## [Exercise prompt]
Retype the following data exactly, but leave its pictures out.

## [Supplied entries]
↓
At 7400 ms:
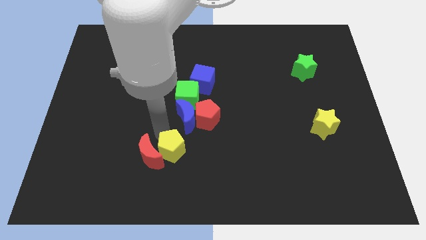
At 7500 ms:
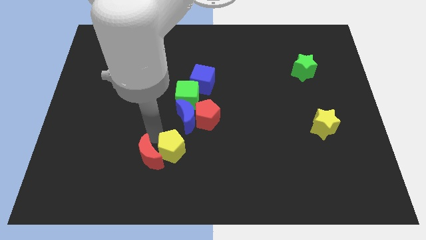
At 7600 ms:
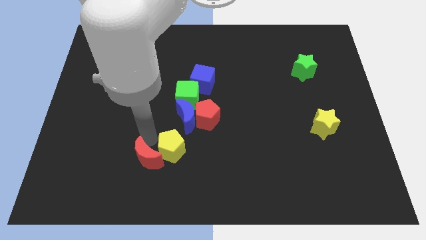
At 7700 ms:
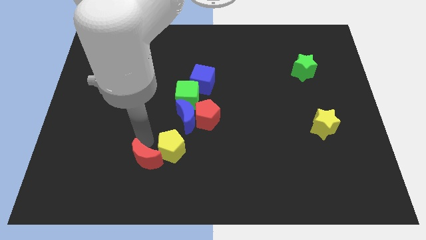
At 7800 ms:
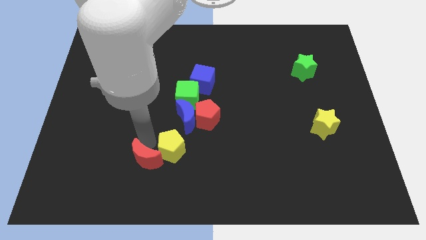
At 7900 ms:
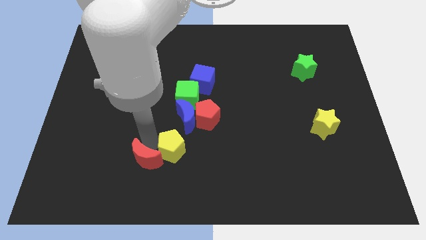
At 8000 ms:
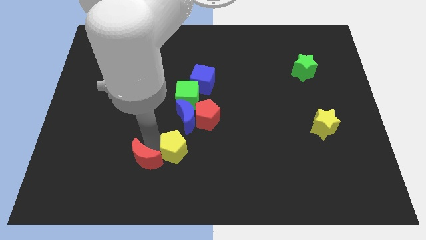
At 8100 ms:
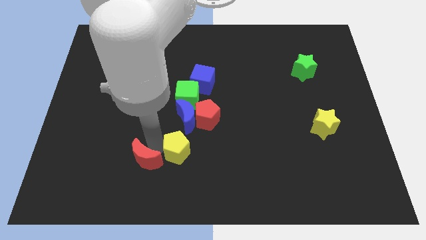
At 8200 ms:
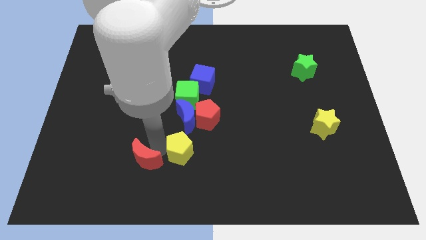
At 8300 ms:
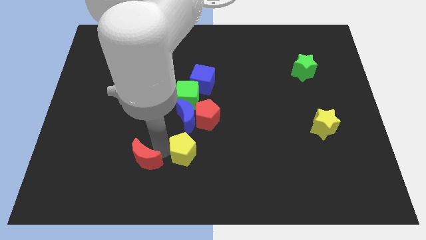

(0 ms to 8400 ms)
↑
## [Exercise output]
At 7400 ms:
At 7500 ms:
At 7600 ms:
At 7700 ms:
At 7800 ms:
At 7900 ms:
At 8000 ms:
At 8100 ms:
At 8200 ms:
At 8300 ms:

(0 ms to 8400 ms)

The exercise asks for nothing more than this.